First up, clipping. For the uninitiated, that’s when the amplitude of the digital signal exceeds the limits of the precision being used (16 bits here), and the tops and bottoms of waveforms get cut off flat. This creates nasty distortion. In most digital audio applications, clipping arises when you mix multiple sounds together and the sum of some (or indeed all) parts of their waveforms go out of range. By careful management of the relative levels of the sounds, you can avoid going out of range and clipping the sound – but that reduces the overall volume and means you make less use of the audio precision available for each sound. This does limit the quality you can achieve, but when lots of sounds are playing that’s not so noticeable as there is a lot audibly going on. Clipping can also arise when applying post-processing effects such as filtering (which can boost frequencies as well as cut them); but again careful “gain management” can sort this for you.
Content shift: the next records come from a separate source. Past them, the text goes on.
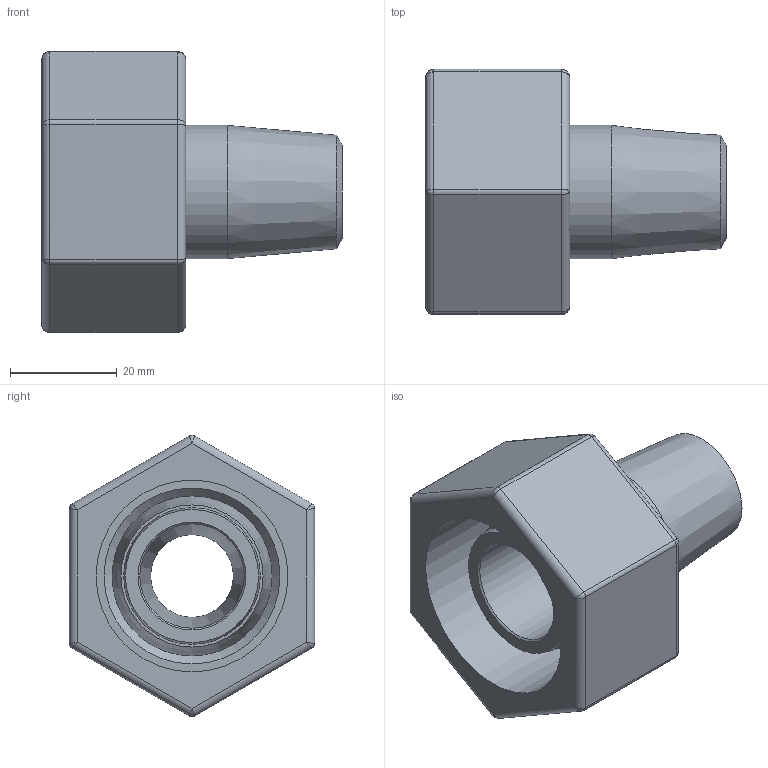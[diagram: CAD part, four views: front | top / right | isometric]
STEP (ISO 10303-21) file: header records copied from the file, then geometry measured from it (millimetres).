
FILE_DESCRIPTION(/* description */ (''),/* implementation_level */ '2;1');
FILE_NAME(/* name */ 'AKM25-21329.stp',/* time_stamp */ '2023-05-17T14:35:32+02:00',/* author */ (''),/* organization */ (''),/* preprocessor_version */ 'ST-DEVELOPER v16',/* originating_system */ 'SIEMENS PLM Software NX 10.0',/* authorisation */ '');
FILE_SCHEMA (('AUTOMOTIVE_DESIGN { 1 0 10303 214 3 1 1 1 }'));
Length unit declared in the file: millimetre
Products named in the file (4): AVIT_X-M; AVIT_X-O; AVIT_X-AK; AKM
Assembly tree (3 placements, depth 2):
  AKM
    AVIT_X-AK
    AVIT_X-O
    AVIT_X-M
Bounding box: 56.4 x 46 x 52.81 mm (x, y, z)
Volume: 38273.7 mm3; surface area: 17291.2 mm2
Topology: 3 solids, 3 shells, 60 faces, 124 edges, 59 vertices
Faces by surface type: cylinder 24, plane 13, bspline 12, cone 10, torus 1
Full cylindrical faces by diameter (mm): 15.5 x1, 19.6 x1, 25 x1, 25.2 x1, 30 x1, 36 x1
Entity records: 1627 total; most frequent: CARTESIAN_POINT 421, DIRECTION 256, ORIENTED_EDGE 188, AXIS2_PLACEMENT_3D 110, EDGE_CURVE 94, EDGE_LOOP 82, ADVANCED_FACE 60, VERTEX_POINT 59
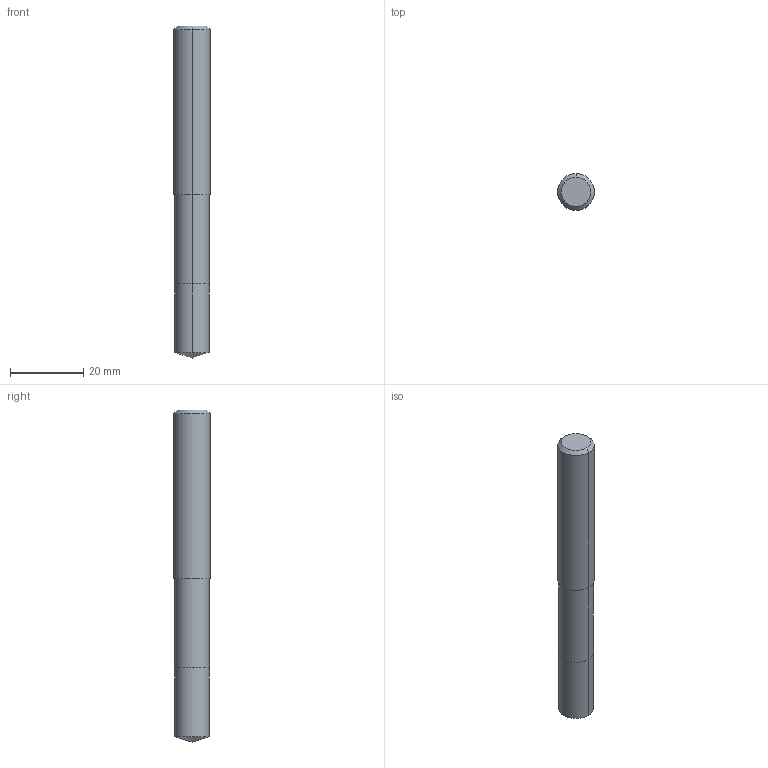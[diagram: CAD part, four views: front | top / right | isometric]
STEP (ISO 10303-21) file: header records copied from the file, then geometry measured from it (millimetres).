
FILE_DESCRIPTION(/* description */ (''),/* implementation_level */ '2;1');
FILE_NAME(/* name */ 'MVS0935X02S100PL.stp',/* time_stamp */ '2020-08-20T09:25:28+09:00',/* author */ (''),/* organization */ (''),/* preprocessor_version */ 'ST-DEVELOPER v16',/* originating_system */ 'SIEMENS PLM Software NX 10.0',/* authorisation */ '');
FILE_SCHEMA (('AUTOMOTIVE_DESIGN { 1 0 10303 214 3 1 1 1 }'));
Length unit declared in the file: millimetre
Products named in the file (1): MVS0935X02S100PL_ASM
Bounding box: 10 x 10 x 90.47 mm (x, y, z)
Volume: 6582.4 mm3; surface area: 2985.7 mm2
Topology: 2 solids, 2 shells, 14 faces, 30 edges, 28 vertices
Faces by surface type: cylinder 6, plane 4, cone 4
Entity records: 542 total; most frequent: DIRECTION 98, CARTESIAN_POINT 76, ORIENTED_EDGE 48, AXIS2_PLACEMENT_3D 42, EDGE_CURVE 24, STYLED_ITEM 24, PRESENTATION_STYLE_ASSIGNMENT 24, CURVE_STYLE 17
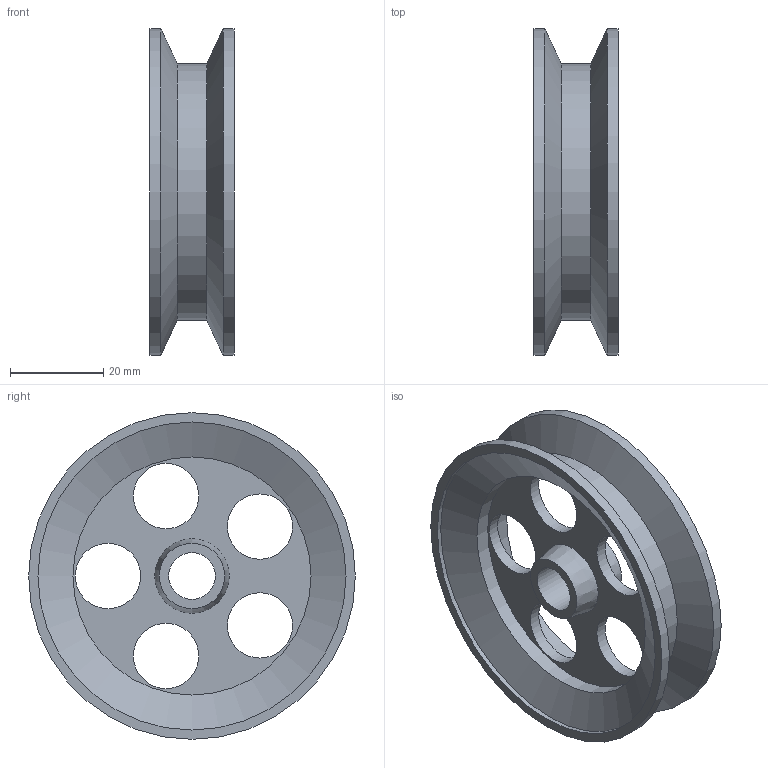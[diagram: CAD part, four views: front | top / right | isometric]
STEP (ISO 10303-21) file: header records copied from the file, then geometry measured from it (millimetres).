
FILE_DESCRIPTION (( 'STEP AP203' ), '1' );
FILE_NAME ('250729 STEP 3-401370-00_15396.STEP', '2025-07-29T09:29:52', ( '' ), ( '' ), 'SwSTEP 2.0', 'SolidWorks 2024', '' );
FILE_SCHEMA (( 'CONFIG_CONTROL_DESIGN' ));
Length unit declared in the file: millimetre
Products named in the file (1): 250729 STEP 3-401370-00_15396
Bounding box: 18 x 70 x 70 mm (x, y, z)
Volume: 14409.2 mm3; surface area: 14518.8 mm2
Topology: 1 solids, 1 shells, 25 faces, 55 edges, 36 vertices
Faces by surface type: cylinder 13, plane 6, cone 6
Full cylindrical faces by diameter (mm): 10.005 x1, 14 x5, 51 x2, 55 x1, 66 x2, 70 x2
Entity records: 655 total; most frequent: DIRECTION 112, CARTESIAN_POINT 86, ORIENTED_EDGE 60, EDGE_LOOP 60, AXIS2_PLACEMENT_3D 56, FACE_OUTER_BOUND 38, VERTEX_POINT 30, EDGE_CURVE 30
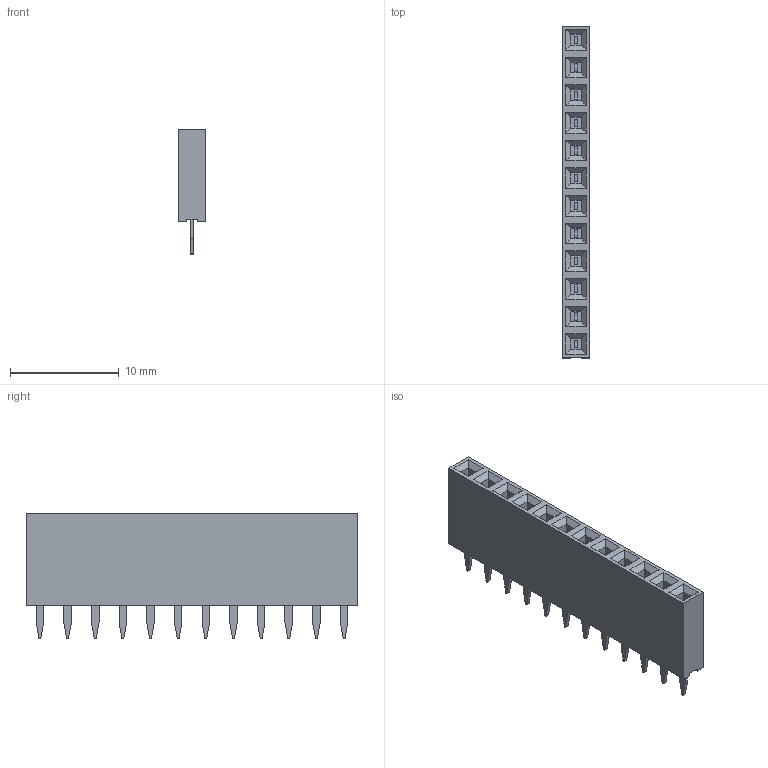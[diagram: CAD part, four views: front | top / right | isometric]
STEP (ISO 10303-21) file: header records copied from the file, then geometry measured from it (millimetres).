
FILE_DESCRIPTION(('FreeCAD Model'),'2;1');
FILE_NAME('Open CASCADE Shape Model','2022-06-14T02:05:45',( 'kicad StepUp'),('ksu MCAD'),'Open CASCADE STEP processor 7.5', 'FreeCAD','Unknown');
FILE_SCHEMA(('AUTOMOTIVE_DESIGN { 1 0 10303 214 1 1 1 1 }'));
Length unit declared in the file: millimetre
Products named in the file (3): PinSocket_P2.54mm_1x12; Body006; Body007
Assembly tree (2 placements, depth 2):
  PinSocket_P2.54mm_1x12
    Body006
    Body007
Bounding box: 2.54 x 30.48 x 11.5 mm (x, y, z)
Volume: 587.1 mm3; surface area: 1159.7 mm2
Topology: 13 solids, 13 shells, 247 faces, 557 edges, 348 vertices
Faces by surface type: plane 235, cylinder 12
Entity records: 14061 total; most frequent: CARTESIAN_POINT 2269, DIRECTION 2195, LINE 1623, VECTOR 1623, ORIENTED_EDGE 1114, PCURVE 1114, DEFINITIONAL_REPRESENTATION 1114, EDGE_CURVE 557

Next, clicking. Sudden changes in the waveform often introduce clicks or pops, both when increasing and when decreasing the level. On the Pithesiser I’ve found clicks arising in various ways – for example, if a sound has instantaneous attack or release (suddenly starts and stops) this very obviously can generate a click. I also have an automated volume adjustment when mixing multiple notes based on the number of notes currently playing (to help avoid clipping), but this can cause sudden volume changes as notes start and stop which often click. One approach to managing clicks is to make the changes smooth by interpolating the change of volume over a short period of time, or by applying a low pass filter to eliminate high frequencies – smoothing the volume changes by mathematically processing the waveform.

Finally, harmonics. Quite often you can hear strange quiet overtones on certain waveforms at certain pitches – the waveform doesn’t sound “pure” even if you’re playing just a simple sine wave. These are harmonics, and can arise from various sources. The inherent “stepped” or discrete nature of digital audio means that the wave is never truly smooth like it would be in analogue form. The stepped changes in amplitude can create these harmonics, particularly if they are large steps – and even if you have generated your waveform using the purest most simple form of the math behind it. Playing back a sampled waveform at a higher pitch than its original can make this harmonic distortion worse, as the difference in steps gets bigger. I’ve also been hearing a strange harmonic when a sound has a fast attack or release on its volume envelope.

Unwanted harmonics is the hardest one of the three to tackle. Again, smoothing out the sudden changes helps – you can apply a low pass filter, use a longer attack or release, or calculate interpolated values when playing at a higher pitch. If the waveform is sampled, you can generate a “band limited” version of the waveform mathematically (effectively pre-filtering the waveform). These all work, but do have an audible effect on the sound – as well as the undesired harmonics, some of the desirable higher frequencies get lost also.

Also, increasing accuracy helps – using a higher sample rate means less dramatic changes in value from sample to sample, or generating a sampled waveform at multiple pitches and selecting the one closest to the playback pitch. When interpolating between two sampled waveform values, using an interpolator mathematically “close” to the underlying waveform shape will also help.

The journey to good quality digital audio is long but ultimately rewarding. And you thought all those terms used on CD players in the past such as “8x oversampling” and bit counts higher than 16 were just marketing guff…

(c) 2013 Nicholas Tuckett